Records from a data source:
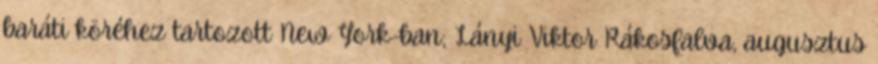
baráti köréhez tartozott New York-ban; Lányi Viktor Rákosfalva, augusztus
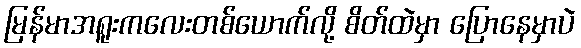
မြန်မာအရူးကလေးတစ်ယောက်လို့ စိတ်ထဲမှာ ပြောနေမှာပဲ
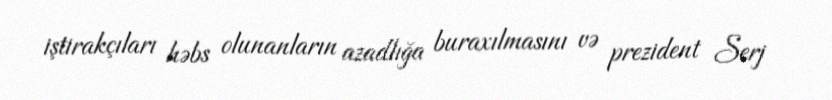
iştirakçıları həbs olunanların azadlığa buraxılmasını və prezident Serj
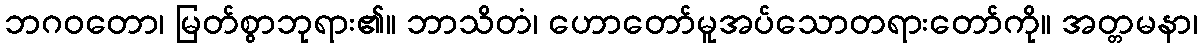
ဘဂဝတော၊ မြတ်စွာဘုရား၏။ ဘာသိတံ၊ ဟောတော်မူအပ်သောတရားတော်ကို။ အတ္တမနာ၊
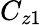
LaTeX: C_{z1}
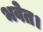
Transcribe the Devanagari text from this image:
भवेत।
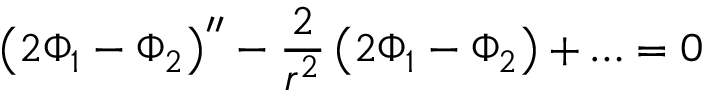
\left( 2 \Phi _ { 1 } - \Phi _ { 2 } \right) ^ { \prime \prime } - \frac { 2 } { r ^ { 2 } } \left( 2 \Phi _ { 1 } - \Phi _ { 2 } \right) + \ldots = 0
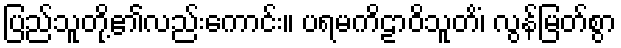
ပြည်သူတို့၏လည်းကောင်း။ ပရမကိဠာဝိသူတိံ၊ လွန်မြတ်စွာ
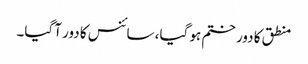
منطق کا دور ختم ہو گیا، سائنس کا دور آگیا۔
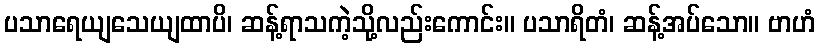
ပသာရေယျသေယျထာပိ၊ ဆန့်ရာသကဲ့သို့လည်းကောင်း။ ပသာရိတံ၊ ဆန့်အပ်သော။ ဗာဟံ
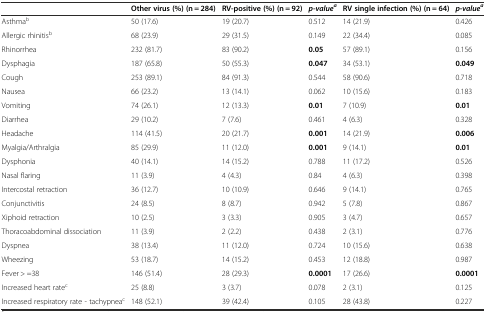
<table><thead><tr><td></td><td><b>Other virus (%) (n = 284)</b></td><td><b>RV-positive (%) (n = 92)</b></td><td><b><i>p-value</i><sup><i>a</i></sup></b></td><td><b>RV single infection (%) (n = 64)</b></td><td><b><i>p-value</i><sup><i>a</i></sup></b></td></tr></thead><tbody><tr><td>Asthma<sup>b</sup></td><td>50 (17.6)</td><td>19 (20.7)</td><td>0.512</td><td>14 (21.9)</td><td>0.426</td></tr><tr><td>Allergic rhinitis<sup>b</sup></td><td>68 (23.9)</td><td>29 (31.5)</td><td>0.149</td><td>22 (34.4)</td><td>0.085</td></tr><tr><td>Rhinorrhea</td><td>232 (81.7)</td><td>83 (90.2)</td><td><b>0.05</b></td><td>57 (89.1)</td><td>0.156</td></tr><tr><td>Dysphagia</td><td>187 (65.8)</td><td>50 (55.3)</td><td><b>0.047</b></td><td>34 (53.1)</td><td><b>0.049</b></td></tr><tr><td>Cough</td><td>253 (89.1)</td><td>84 (91.3)</td><td>0.544</td><td>58 (90.6)</td><td>0.718</td></tr><tr><td>Nausea</td><td>66 (23.2)</td><td>13 (14.1)</td><td>0.062</td><td>10 (15.6)</td><td>0.183</td></tr><tr><td>Vomiting</td><td>74 (26.1)</td><td>12 (13.3)</td><td><b>0.01</b></td><td>7 (10.9)</td><td><b>0.01</b></td></tr><tr><td>Diarrhea</td><td>29 (10.2)</td><td>7 (7.6)</td><td>0.461</td><td>4 (6.3)</td><td>0.328</td></tr><tr><td>Headache</td><td>114 (41.5)</td><td>20 (21.7)</td><td><b>0.001</b></td><td>14 (21.9)</td><td><b>0.006</b></td></tr><tr><td>Myalgia/Arthralgia</td><td>85 (29.9)</td><td>11 (12.0)</td><td><b>0.001</b></td><td>9 (14.1)</td><td><b>0.01</b></td></tr><tr><td>Dysphonia</td><td>40 (14.1)</td><td>14 (15.2)</td><td>0.788</td><td>11 (17.2)</td><td>0.526</td></tr><tr><td>Nasal flaring</td><td>11 (3.9)</td><td>4 (4.3)</td><td>0.84</td><td>4 (6.3)</td><td>0.398</td></tr><tr><td>Intercostal retraction</td><td>36 (12.7)</td><td>10 (10.9)</td><td>0.646</td><td>9 (14.1)</td><td>0.765</td></tr><tr><td>Conjunctivitis</td><td>24 (8.5)</td><td>8 (8.7)</td><td>0.942</td><td>5 (7.8)</td><td>0.867</td></tr><tr><td>Xiphoid retraction</td><td>10 (2.5)</td><td>3 (3.3)</td><td>0.905</td><td>3 (4.7)</td><td>0.657</td></tr><tr><td>Thoracoabdominal dissociation</td><td>11 (3.9)</td><td>2 (2.2)</td><td>0.438</td><td>2 (3.1)</td><td>0.776</td></tr><tr><td>Dyspnea</td><td>38 (13.4)</td><td>11 (12.0)</td><td>0.724</td><td>10 (15.6)</td><td>0.638</td></tr><tr><td>Wheezing</td><td>53 (18.7)</td><td>14 (15.2)</td><td>0.453</td><td>12 (18.8)</td><td>0.987</td></tr><tr><td>Fever &gt; =38</td><td>146 (51.4)</td><td>28 (29.3)</td><td><b>0.0001</b></td><td>17 (26.6)</td><td><b>0.0001</b></td></tr><tr><td>Increased heart rate<sup>c</sup></td><td>25 (8.8)</td><td>3 (3.7)</td><td>0.078</td><td>2 (3.1)</td><td>0.125</td></tr><tr><td>Increased respiratory rate - tachypnea<sup>c</sup></td><td>148 (52.1)</td><td>39 (42.4)</td><td>0.105</td><td>28 (43.8)</td><td>0.227</td></tr></tbody></table>
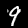
Label: 9
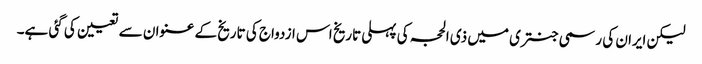
لیکن ایران کی رسمی جنتری میں ذی الحجہ کی پہلی تاریخ اس ازدواج کی تاریخ کے عنوان سے تعیین کی گئی ہے۔
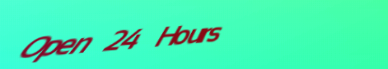
Open 24 Hours
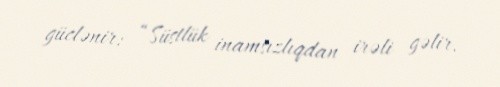
güclənir: “Süstlük inamsızlıqdan irəli gəlir.
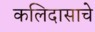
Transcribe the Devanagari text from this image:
कलिदासाचे
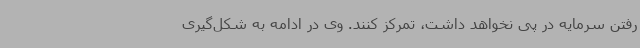
رفتن سرمایه در پی نخواهد داشت، تمرکز کنند. وی در ادامه به شکل‌گیری
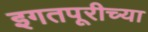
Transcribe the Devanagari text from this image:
इगतपूरीच्या
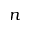
n
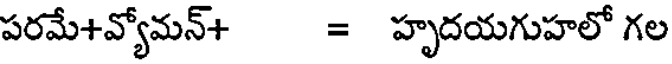
పరమే+వ్యోమన్+ = హృదయగుహలో గల
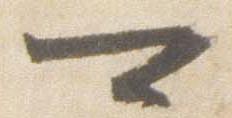
可

**What the task requires**
Leave out the images and transcribe all the records exactly.

**Exercise output**
baráti köréhez tartozott New York-ban; Lányi Viktor Rákosfalva, augusztus
မြန်မာအရူးကလေးတစ်ယောက်လို့ စိတ်ထဲမှာ ပြောနေမှာပဲ
iştirakçıları həbs olunanların azadlığa buraxılmasını və prezident Serj
ဘဂဝတော၊ မြတ်စွာဘုရား၏။ ဘာသိတံ၊ ဟောတော်မူအပ်သောတရားတော်ကို။ အတ္တမနာ၊
LaTeX: C_{z1}
Transcribe the Devanagari text from this image:
भवेत।
\left( 2 \Phi _ { 1 } - \Phi _ { 2 } \right) ^ { \prime \prime } - \frac { 2 } { r ^ { 2 } } \left( 2 \Phi _ { 1 } - \Phi _ { 2 } \right) + \ldots = 0
ပြည်သူတို့၏လည်းကောင်း။ ပရမကိဠာဝိသူတိံ၊ လွန်မြတ်စွာ
منطق کا دور ختم ہو گیا، سائنس کا دور آگیا۔
ပသာရေယျသေယျထာပိ၊ ဆန့်ရာသကဲ့သို့လည်းကောင်း။ ပသာရိတံ၊ ဆန့်အပ်သော။ ဗာဟံ
<table><thead><tr><td></td><td><b>Other virus (%) (n = 284)</b></td><td><b>RV-positive (%) (n = 92)</b></td><td><b><i>p-value</i><sup><i>a</i></sup></b></td><td><b>RV single infection (%) (n = 64)</b></td><td><b><i>p-value</i><sup><i>a</i></sup></b></td></tr></thead><tbody><tr><td>Asthma<sup>b</sup></td><td>50 (17.6)</td><td>19 (20.7)</td><td>0.512</td><td>14 (21.9)</td><td>0.426</td></tr><tr><td>Allergic rhinitis<sup>b</sup></td><td>68 (23.9)</td><td>29 (31.5)</td><td>0.149</td><td>22 (34.4)</td><td>0.085</td></tr><tr><td>Rhinorrhea</td><td>232 (81.7)</td><td>83 (90.2)</td><td><b>0.05</b></td><td>57 (89.1)</td><td>0.156</td></tr><tr><td>Dysphagia</td><td>187 (65.8)</td><td>50 (55.3)</td><td><b>0.047</b></td><td>34 (53.1)</td><td><b>0.049</b></td></tr><tr><td>Cough</td><td>253 (89.1)</td><td>84 (91.3)</td><td>0.544</td><td>58 (90.6)</td><td>0.718</td></tr><tr><td>Nausea</td><td>66 (23.2)</td><td>13 (14.1)</td><td>0.062</td><td>10 (15.6)</td><td>0.183</td></tr><tr><td>Vomiting</td><td>74 (26.1)</td><td>12 (13.3)</td><td><b>0.01</b></td><td>7 (10.9)</td><td><b>0.01</b></td></tr><tr><td>Diarrhea</td><td>29 (10.2)</td><td>7 (7.6)</td><td>0.461</td><td>4 (6.3)</td><td>0.328</td></tr><tr><td>Headache</td><td>114 (41.5)</td><td>20 (21.7)</td><td><b>0.001</b></td><td>14 (21.9)</td><td><b>0.006</b></td></tr><tr><td>Myalgia/Arthralgia</td><td>85 (29.9)</td><td>11 (12.0)</td><td><b>0.001</b></td><td>9 (14.1)</td><td><b>0.01</b></td></tr><tr><td>Dysphonia</td><td>40 (14.1)</td><td>14 (15.2)</td><td>0.788</td><td>11 (17.2)</td><td>0.526</td></tr><tr><td>Nasal flaring</td><td>11 (3.9)</td><td>4 (4.3)</td><td>0.84</td><td>4 (6.3)</td><td>0.398</td></tr><tr><td>Intercostal retraction</td><td>36 (12.7)</td><td>10 (10.9)</td><td>0.646</td><td>9 (14.1)</td><td>0.765</td></tr><tr><td>Conjunctivitis</td><td>24 (8.5)</td><td>8 (8.7)</td><td>0.942</td><td>5 (7.8)</td><td>0.867</td></tr><tr><td>Xiphoid retraction</td><td>10 (2.5)</td><td>3 (3.3)</td><td>0.905</td><td>3 (4.7)</td><td>0.657</td></tr><tr><td>Thoracoabdominal dissociation</td><td>11 (3.9)</td><td>2 (2.2)</td><td>0.438</td><td>2 (3.1)</td><td>0.776</td></tr><tr><td>Dyspnea</td><td>38 (13.4)</td><td>11 (12.0)</td><td>0.724</td><td>10 (15.6)</td><td>0.638</td></tr><tr><td>Wheezing</td><td>53 (18.7)</td><td>14 (15.2)</td><td>0.453</td><td>12 (18.8)</td><td>0.987</td></tr><tr><td>Fever &gt; =38</td><td>146 (51.4)</td><td>28 (29.3)</td><td><b>0.0001</b></td><td>17 (26.6)</td><td><b>0.0001</b></td></tr><tr><td>Increased heart rate<sup>c</sup></td><td>25 (8.8)</td><td>3 (3.7)</td><td>0.078</td><td>2 (3.1)</td><td>0.125</td></tr><tr><td>Increased respiratory rate - tachypnea<sup>c</sup></td><td>148 (52.1)</td><td>39 (42.4)</td><td>0.105</td><td>28 (43.8)</td><td>0.227</td></tr></tbody></table>
Label: 9
لیکن ایران کی رسمی جنتری میں ذی الحجہ کی پہلی تاریخ اس ازدواج کی تاریخ کے عنوان سے تعیین کی گئی ہے۔
Open 24 Hours
güclənir: “Süstlük inamsızlıqdan irəli gəlir.
Transcribe the Devanagari text from this image:
कलिदासाचे
رفتن سرمایه در پی نخواهد داشت، تمرکز کنند. وی در ادامه به شکل‌گیری
Transcribe the Devanagari text from this image:
इगतपूरीच्या
n
పరమే+వ్యోమన్+ = హృదయగుహలో గల
可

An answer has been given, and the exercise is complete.